● **INSTRUCTIONS TO FOLLOW**:
Write out each line of the material exactly as given, and drop the images.

● **DATASET EXCERPTS**:
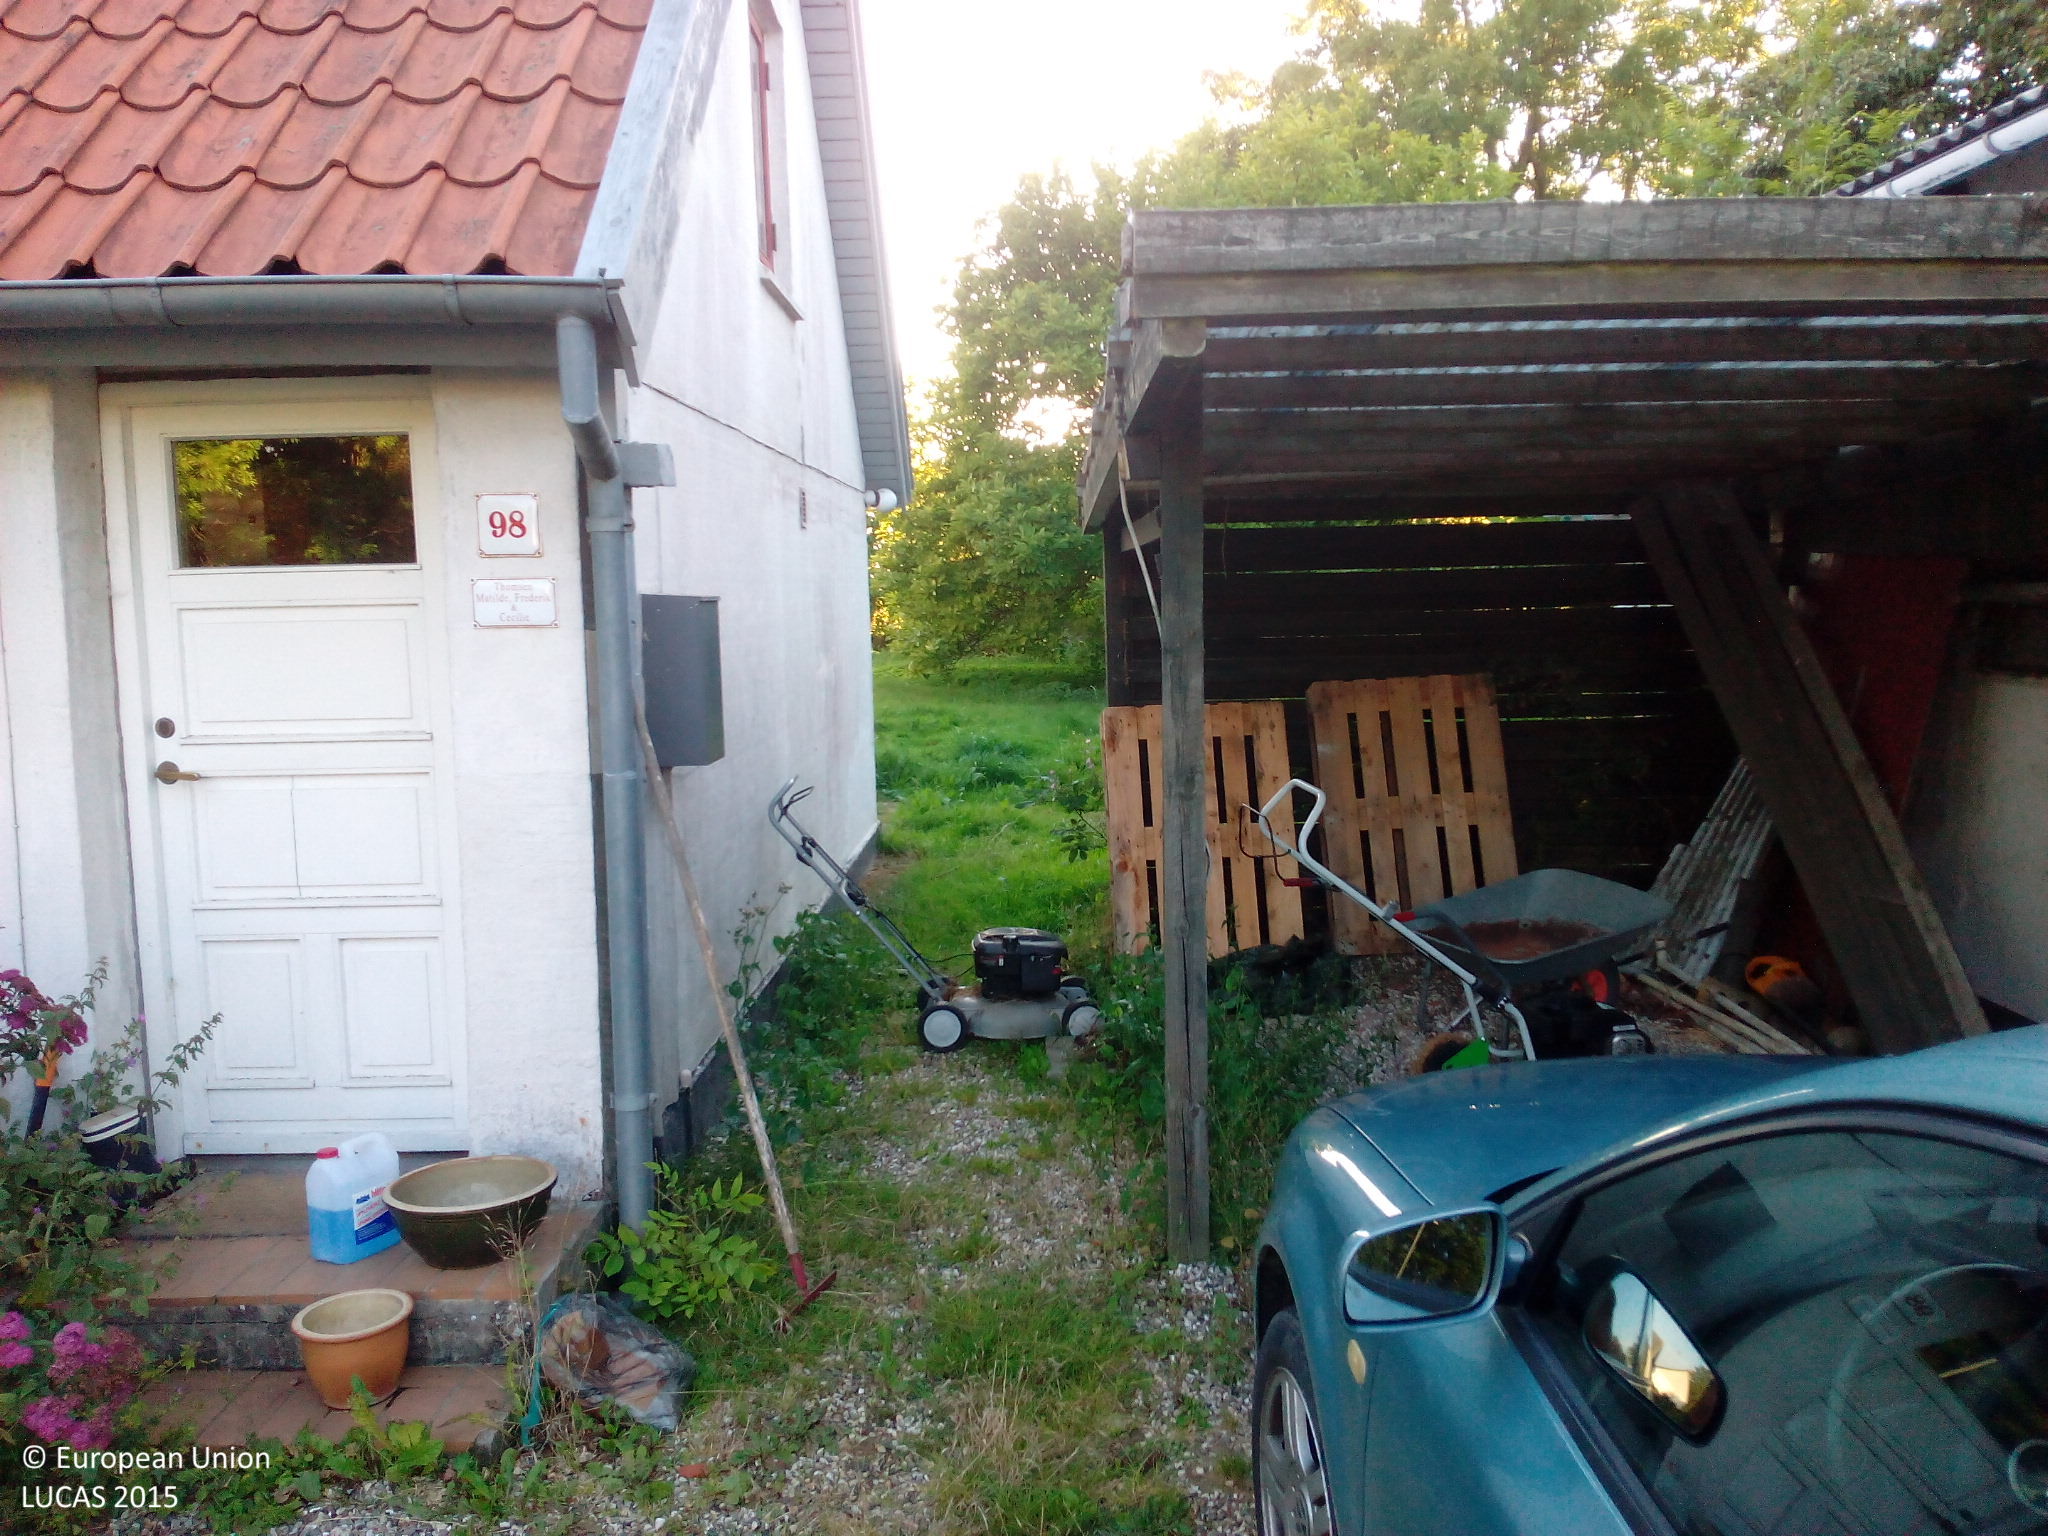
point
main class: Cropland
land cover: Common wheat
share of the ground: > 75 %
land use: Agriculture (excluding fallow land and kitchen gardens)
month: August
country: DK
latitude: 55.5640
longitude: 11.7902

● **FINISHED TASK**:
point
main class: Cropland
land cover: Common wheat
share of the ground: > 75 %
land use: Agriculture (excluding fallow land and kitchen gardens)
month: August
country: DK
latitude: 55.5640
longitude: 11.7902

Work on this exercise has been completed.